Management also lowered its full-year sales guidance to a range of $530-570 million from its previous range of $580-625 million. It should be noted that this is the second consecutive quarter where the company has failed to meet expectations and has lowered its forecast. Leaders cited numerous factors to justify lowering the forecast, including the strength of the dollar, geopolitical tensions and macroeconomic factors such as a slowing global economy.
Margins were also impacted during the quarter by continued challenges within the global supply chain as well as rising input costs. Something that has become a theme in 2022 in so many sectors of the economy.
Analysts’ comments and review:
Since the second quarter earnings release, JP Morgan has reissued an underweight rating and $9 price target for the stock. Credit Suisse launched the stock as a Hold with a price target of $8. Needham maintained its own Hold rating on the stock.

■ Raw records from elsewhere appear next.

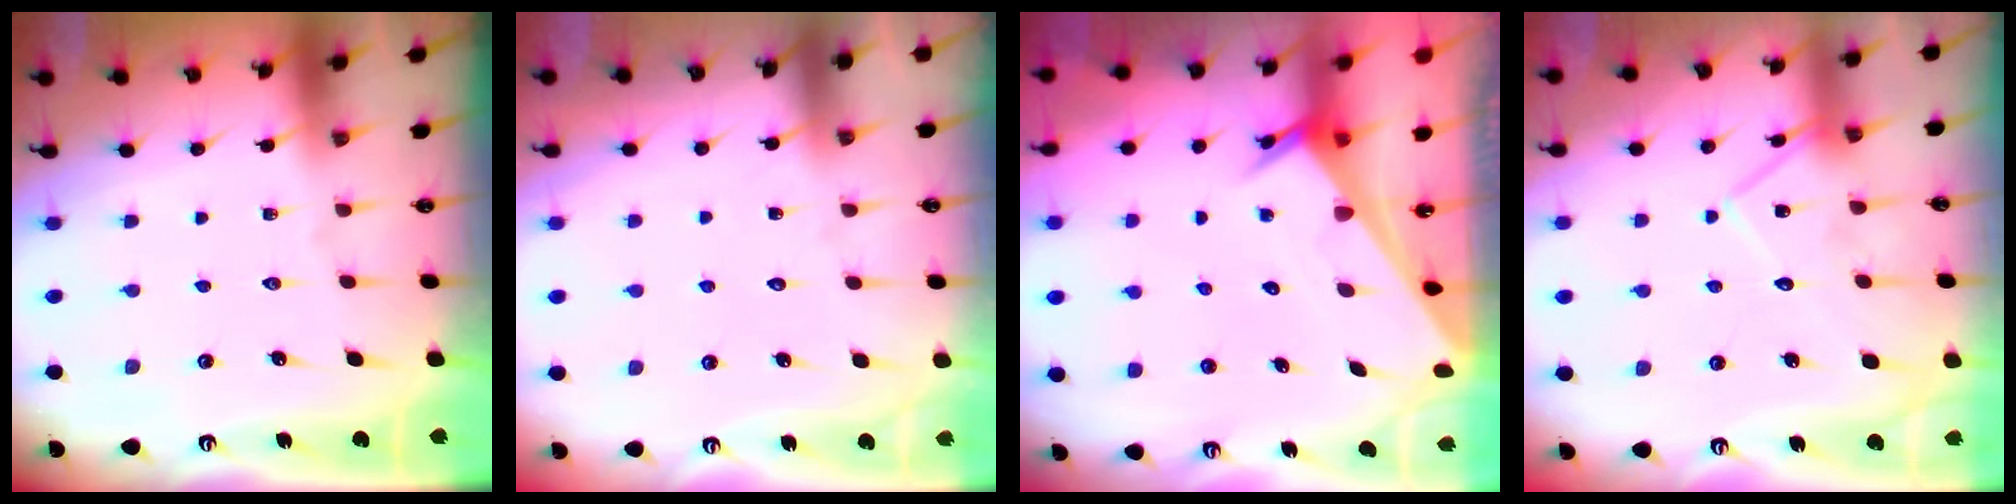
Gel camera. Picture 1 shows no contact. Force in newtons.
{"total": 4.3, "press": 4.3, "slide": 0.4}
{"total": 3.1, "press": 3.1, "slide": 0.3}
{"total": 13.3, "press": 13.3, "slide": 0.8}
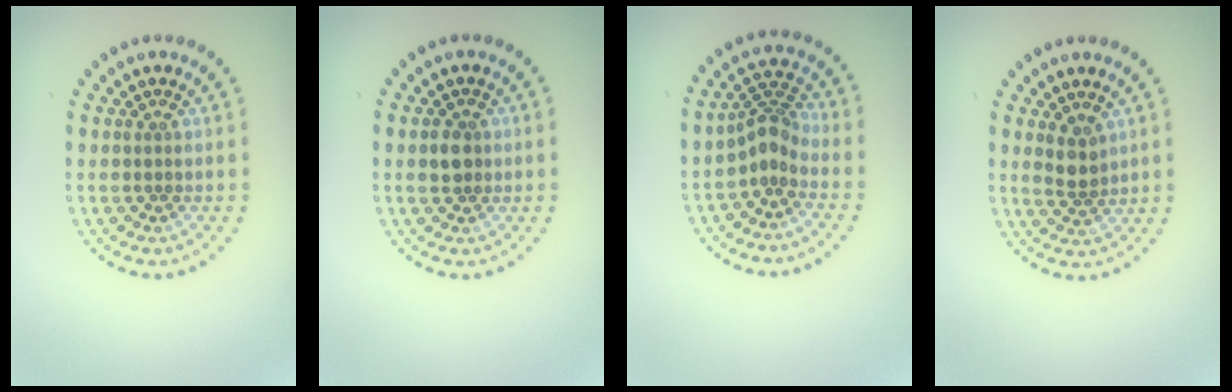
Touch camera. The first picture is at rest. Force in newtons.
{"total": 1.7, "press": 1.7, "slide": 0.5}
{"total": 2.7, "press": 1.9, "slide": 1.9}
{"total": 2.0, "press": 1.7, "slide": 1.0}
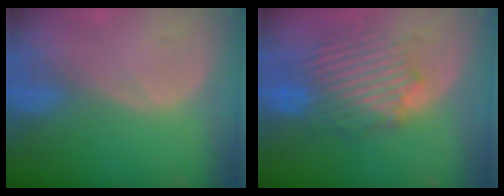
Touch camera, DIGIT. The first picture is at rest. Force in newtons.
{"total": 9.3, "press": 9.2, "slide": 1.7}
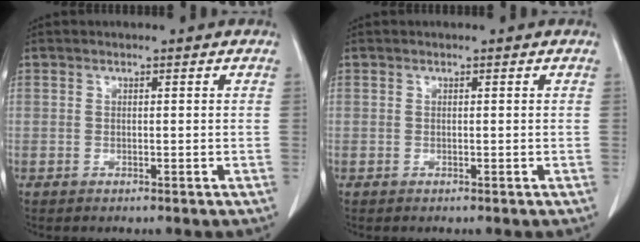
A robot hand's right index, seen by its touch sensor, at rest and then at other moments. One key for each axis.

Approximately nine percent of the shares’ outstanding float are currently held short. Since our last article on 3D Systems, insiders have sold about $2 million worth of shares in total. Two insiders, including the CEO, bought just over $105,000 worth of stock each in May. The company ended the second quarter with nearly $640 million in cash and marketable securities on the balance sheet versus just under $450 million in long-term debt.
The current analyst firm consensus is that 3D Systems will lose a quarter of share in fiscal 2022, with revenue declining nearly 10% to $555 million. In fiscal 2023, losses are expected to narrow to around a nickel per share as revenue growth rebounds to an 8% rise to around $600 million.
Clearly, DDD is a much cheaper stock based on sales price than it was in February, as the stock has fallen over 50% since then. 3D Systems also has the track record to navigate the transition the company is currently going through. That said, the company has missed expectations and lowered its guidance over the past two quarters and the global economy appears to be heading into a recession.
I’d also like to see a bit more traction from recent acquisitions before I hit the buy on DDD button. At some point on the horizon, this name gives the impression that it will be worth investing in. However, I don’t think we’re there yet.